By Janelle Faignant
The title might be misleading.
“I’d love to dispel any preconceptions about [it],” director Joanne Greenberg said.
“Bad Jews” could imply a play intended just for Jews. Or, possibly, insulting them.
But the story by Jewish playwright Josh Harmon about family and identity is a universal one.
Greenberg is at the helm of her fourth play for Vermont Actors’ Repertory Theatre. The seriously smart satire “Bad Jews” opens Rutland community theater’s 11th season beginning at 7:30 p.m. Thursday, Nov. 5, in the Brick Box at the Paramount Theatre.
“I picked it having seen it when it opened in New York,” Greenberg said. “And I loved it right away. I kept it in mind from the moment I saw it, and then it became the right one to do this year.”
The story follows two brothers, their female cousin, and one brother’s non-Jewish girlfriend. All college-age, they’re reunited at the funeral of the grandfather, the patriarch and a Holocaust survivor. An argument over a family heirloom breaks out and collateral damage ensues.
“Funerals can trigger that sort of questioning of family values,” Greenberg said. “Questions about how to respect and cherish what [the grandfather] represented have led the family members in opposite directions.”
“It uses the recent death of a relative to stick family members who have never much liked each other inside a pressurized cauldron,” The Chicago Tribune said.
And on a deeper level there are some entrenched divisions about cultural identity.
“About what to embrace and what to dismiss about their heritage,” Greenberg said.
Greenberg says the four non-Jewish cast members took an opportunity to explore Jewish culture at a dinner with the Rutland Jewish Center, which is sponsoring the play. Conversations about beliefs, customs and culture helped the cast to shape their characters and to learn more about what lies behind the title of the play.
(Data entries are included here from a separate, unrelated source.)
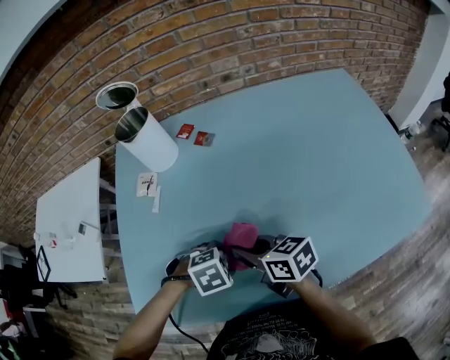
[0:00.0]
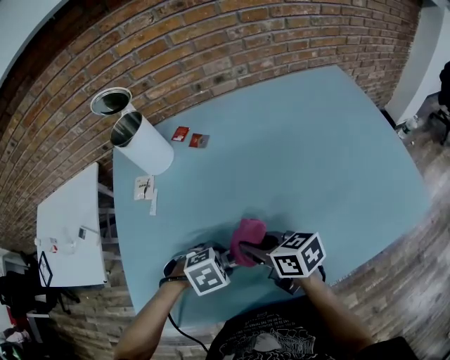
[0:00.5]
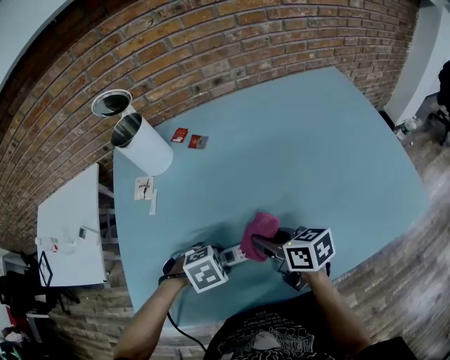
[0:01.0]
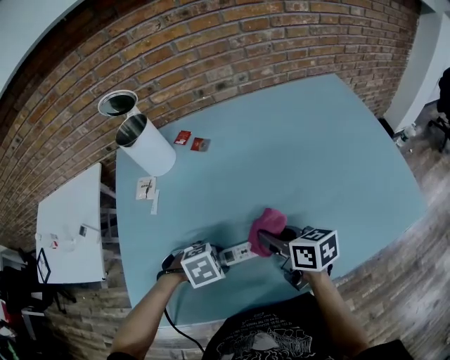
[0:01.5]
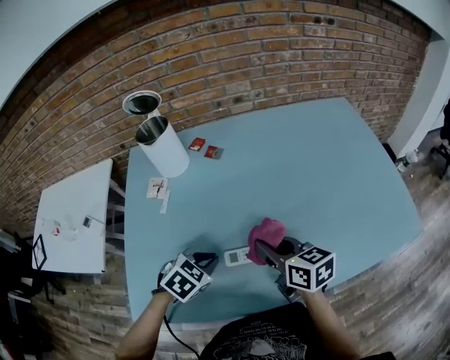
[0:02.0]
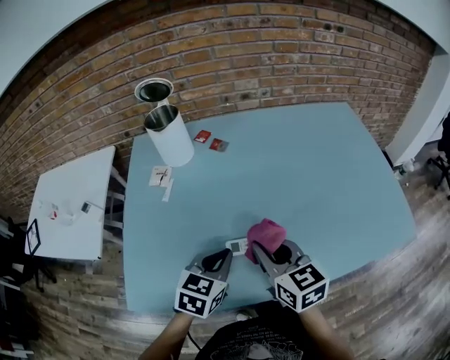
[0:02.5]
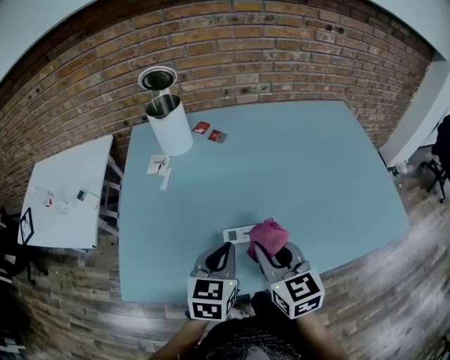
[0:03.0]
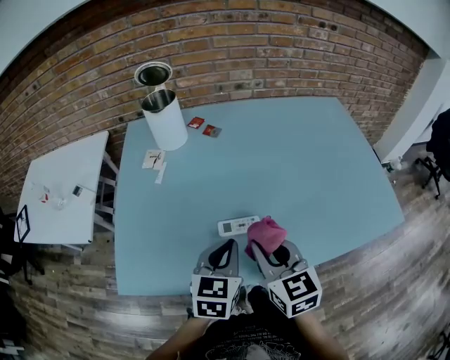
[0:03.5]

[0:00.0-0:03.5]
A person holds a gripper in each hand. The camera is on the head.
0:00.0 to 0:02.0: The left gripper heads upward, covering about 5 cm, changes its angle by roughly 30 degrees, and closes up. Meanwhile the right gripper changes place by about 10 cm.
0:02.0 to 0:03.5: The right gripper is displaced backward by roughly 10 cm, and turns by some 30 degrees, while the left gripper goes about 10 cm upward, backward and to the right, and rotates about 40 degrees.

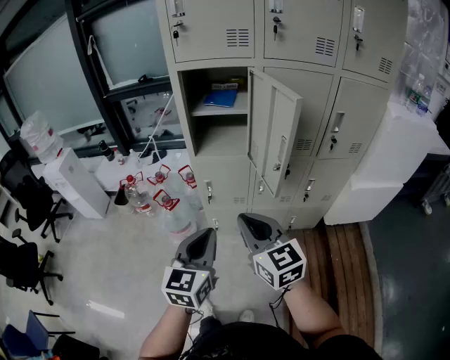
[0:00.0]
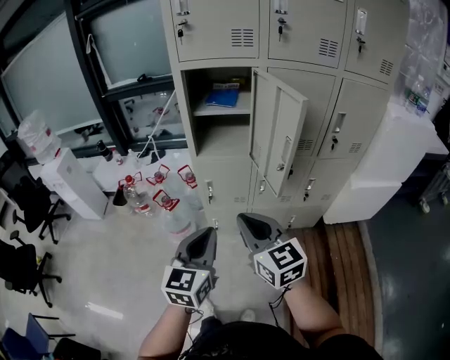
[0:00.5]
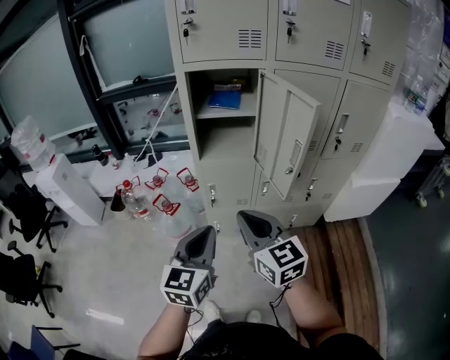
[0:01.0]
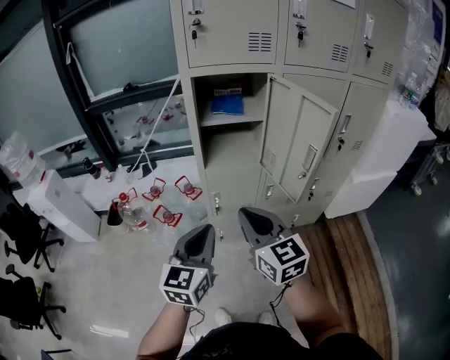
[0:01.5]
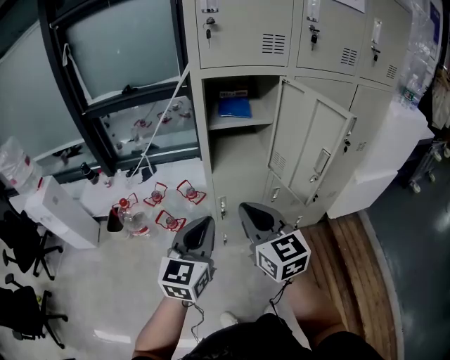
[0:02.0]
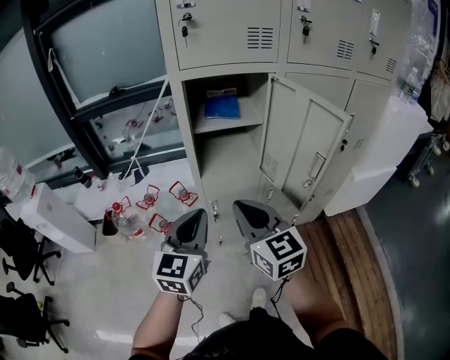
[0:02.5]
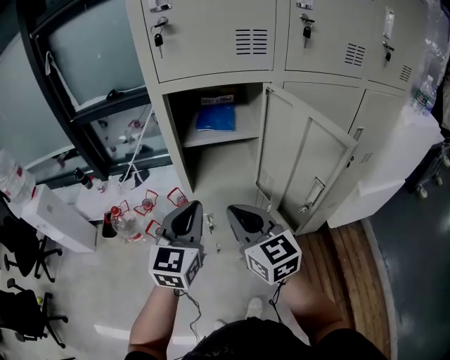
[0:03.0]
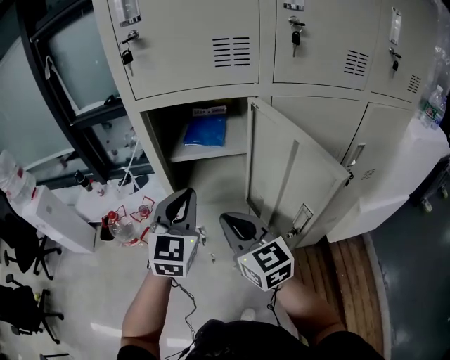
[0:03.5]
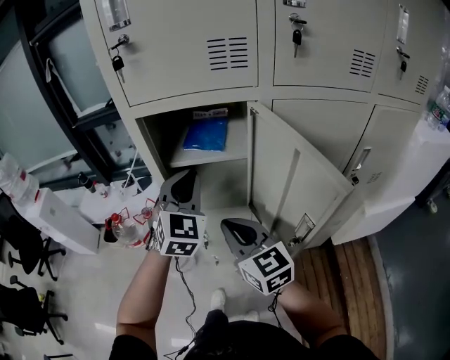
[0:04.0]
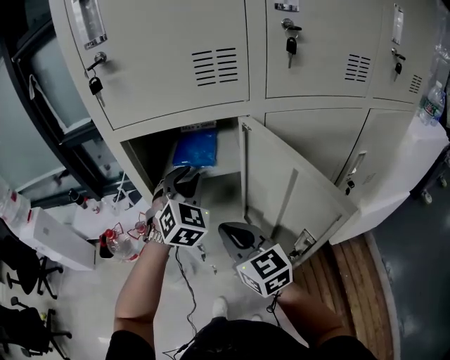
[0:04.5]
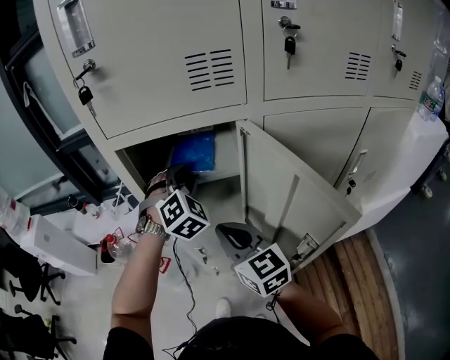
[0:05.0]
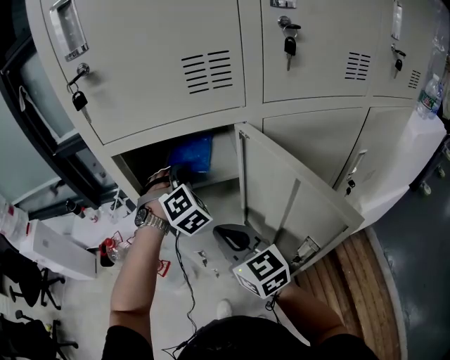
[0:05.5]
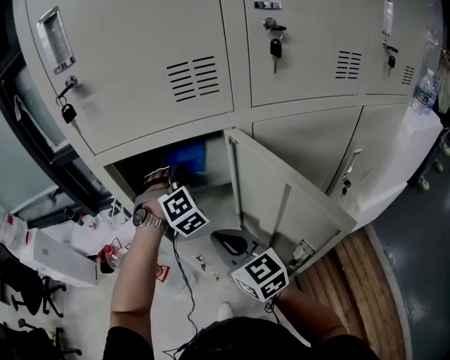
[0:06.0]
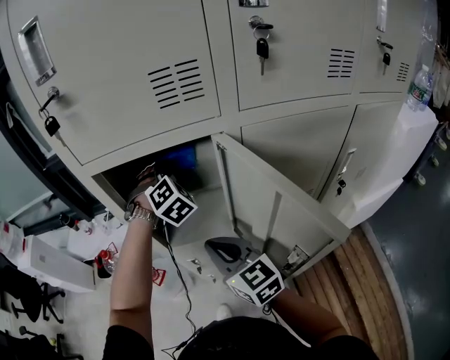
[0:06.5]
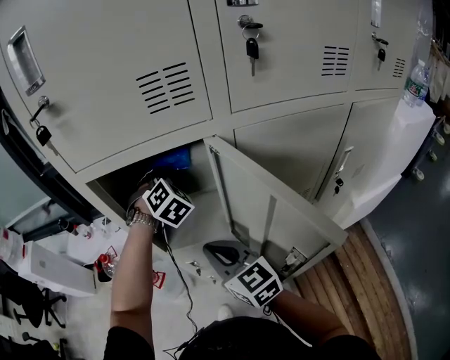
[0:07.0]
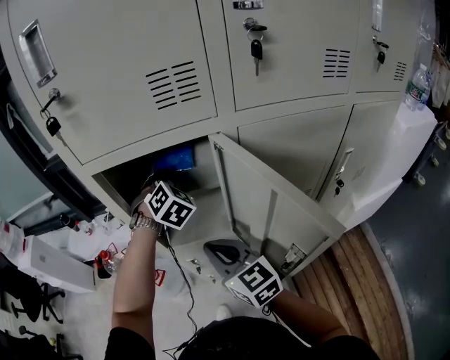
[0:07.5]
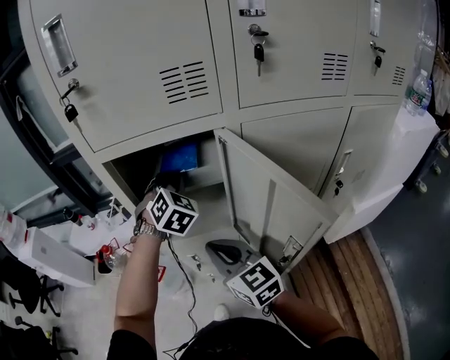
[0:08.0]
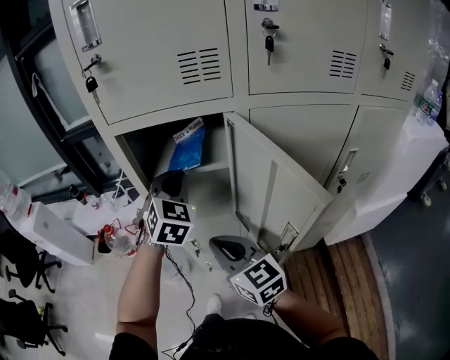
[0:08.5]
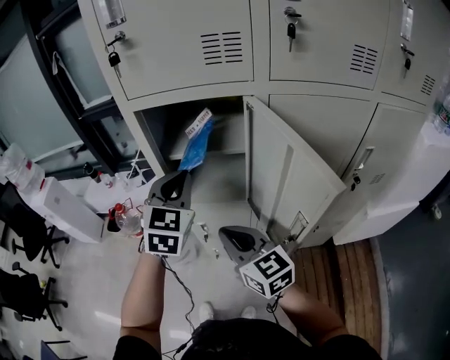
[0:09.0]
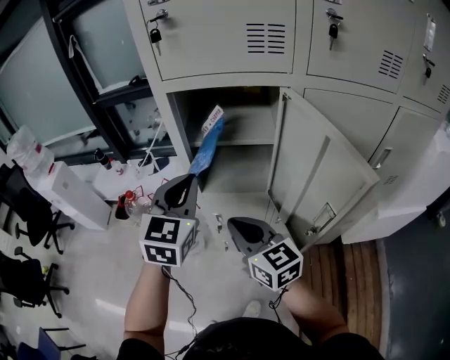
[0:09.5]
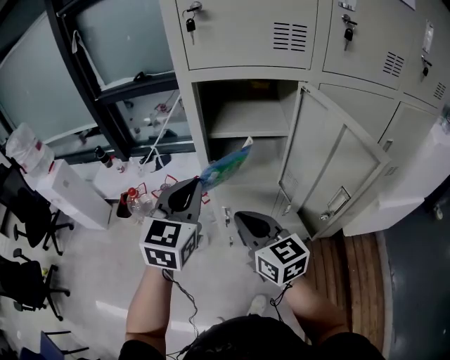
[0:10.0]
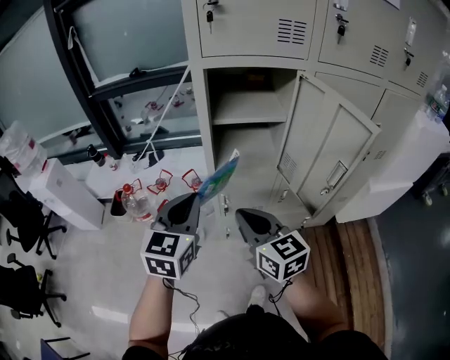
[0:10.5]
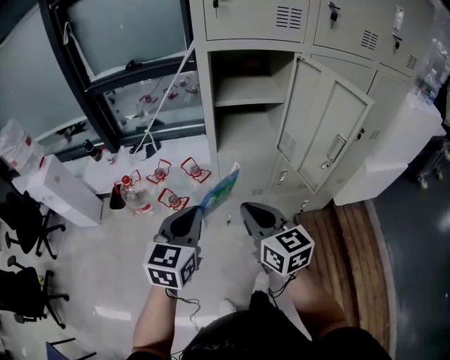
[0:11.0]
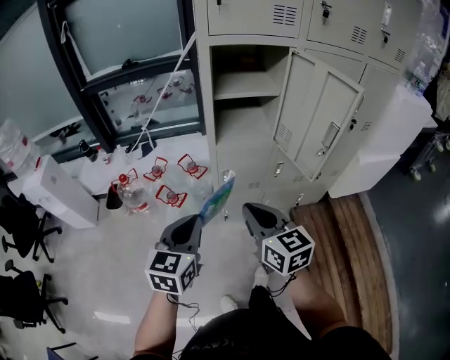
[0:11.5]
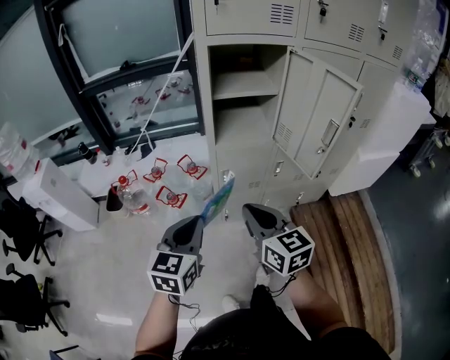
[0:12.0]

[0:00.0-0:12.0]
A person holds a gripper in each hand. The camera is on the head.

“But the actors have really looked into the bigger universal questions about the issues of being 20-something and making choices,” Greenberg said. “And learning what you believe in through arguing.”
Greenberg was drawn by “the relevance of the need in this day and age to navigate a world of choices about self-identification, which no longer solely comes from heredity.”
“Nowadays, everything from religious background to gender identity to political leaning is fluid and open to personal choice,” she said. “And that’s exciting, but it also can be overwhelming and decisive.”
The show opens after a two-month rehearsal period, which Greenberg said has also been full of laughter.
“There’s a lot of humor in the play,” she said. “But there’s also been a lot of serious and intense work on those very charged moments. It’s been really satisfying as a rehearsal process.”
She hopes audiences will see the universality in the themes of the play — questions about identity, assimilation and embracing culture, which are “all very American, very human, and not easily answered.”
The Tribune called it a “smashingly venomous and cheerfully fearless comedy … packing the house with Jews (good, bad and indifferent), gentiles and anyone who enjoys watching privileged and over-educated people fight like Upper West Siders whose brunch reservations have not been honored in a timely fashion.”
“Bad Jews” is full of outrageous behavior, insults and laughs — a night that could be easily translatable to any family situation.